— Source data —
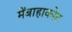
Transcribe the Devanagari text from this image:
मेंबाहाकोट
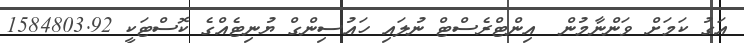
އަގު ކަމަށް ވަންނާމުން  އިންޓްރެސްޓް ނުލައި ހައުސިންގް ޔުނިޓެއްގެ ކޮސްޓަކީ 1584803.92
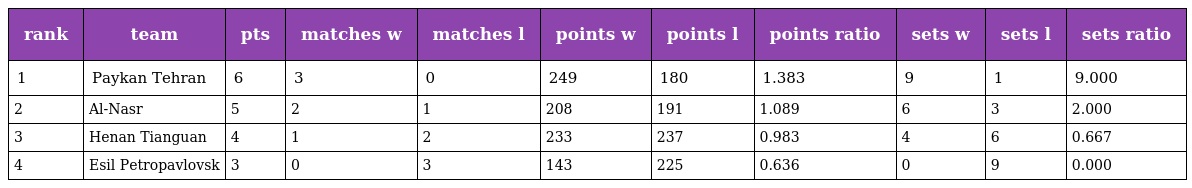
| rank | team | pts | matches w | matches l | points w | points l | points ratio | sets w | sets l | sets ratio |
 | --- | --- | --- | --- | --- | --- | --- | --- | --- | --- | --- |
 | 1 | Paykan Tehran | 6 | 3 | 0 | 249 | 180 | 1.383 | 9 | 1 | 9.000 |
 | 2 | Al-Nasr | 5 | 2 | 1 | 208 | 191 | 1.089 | 6 | 3 | 2.000 |
 | 3 | Henan Tianguan | 4 | 1 | 2 | 233 | 237 | 0.983 | 4 | 6 | 0.667 |
 | 4 | Esil Petropavlovsk | 3 | 0 | 3 | 143 | 225 | 0.636 | 0 | 9 | 0.000 |
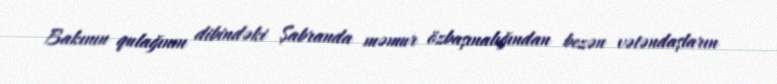
Bakının qulağının dibindəki Şabranda məmur özbaşınalığından bezən vətəndaşların
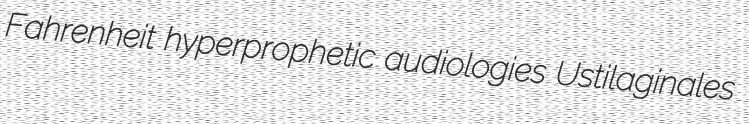
Fahrenheit hyperprophetic audiologies Ustilaginales
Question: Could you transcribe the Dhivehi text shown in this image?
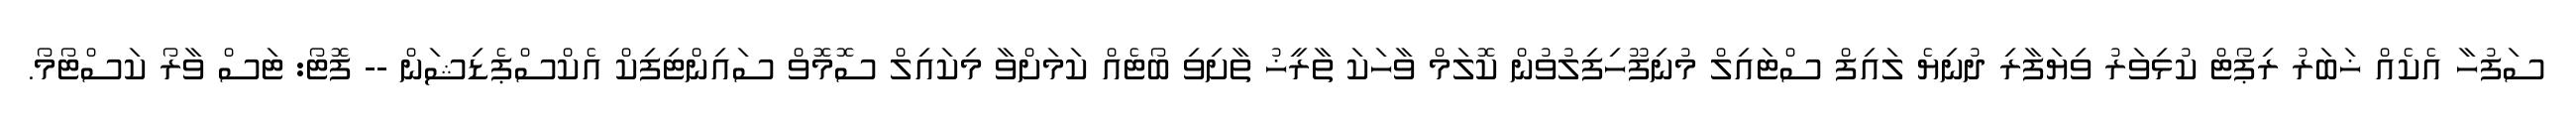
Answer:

— Task —
Could you retype the records above exactly, omitting the pictures?

— Solution to this exercise —
Transcribe the Devanagari text from this image:
मेंबाहाकोट
އަގު ކަމަށް ވަންނާމުން  އިންޓްރެސްޓް ނުލައި ހައުސިންގް ޔުނިޓެއްގެ ކޮސްޓަކީ 1584803.92
| rank | team | pts | matches w | matches l | points w | points l | points ratio | sets w | sets l | sets ratio |
 | --- | --- | --- | --- | --- | --- | --- | --- | --- | --- | --- |
 | 1 | Paykan Tehran | 6 | 3 | 0 | 249 | 180 | 1.383 | 9 | 1 | 9.000 |
 | 2 | Al-Nasr | 5 | 2 | 1 | 208 | 191 | 1.089 | 6 | 3 | 2.000 |
 | 3 | Henan Tianguan | 4 | 1 | 2 | 233 | 237 | 0.983 | 4 | 6 | 0.667 |
 | 4 | Esil Petropavlovsk | 3 | 0 | 3 | 143 | 225 | 0.636 | 0 | 9 | 0.000 |
Bakının qulağının dibindəki Şabranda məmur özbaşınalığından bezən vətəndaşların
Fahrenheit hyperprophetic audiologies Ustilaginales
Question: Could you transcribe the Dhivehi text shown in this image?
Answer:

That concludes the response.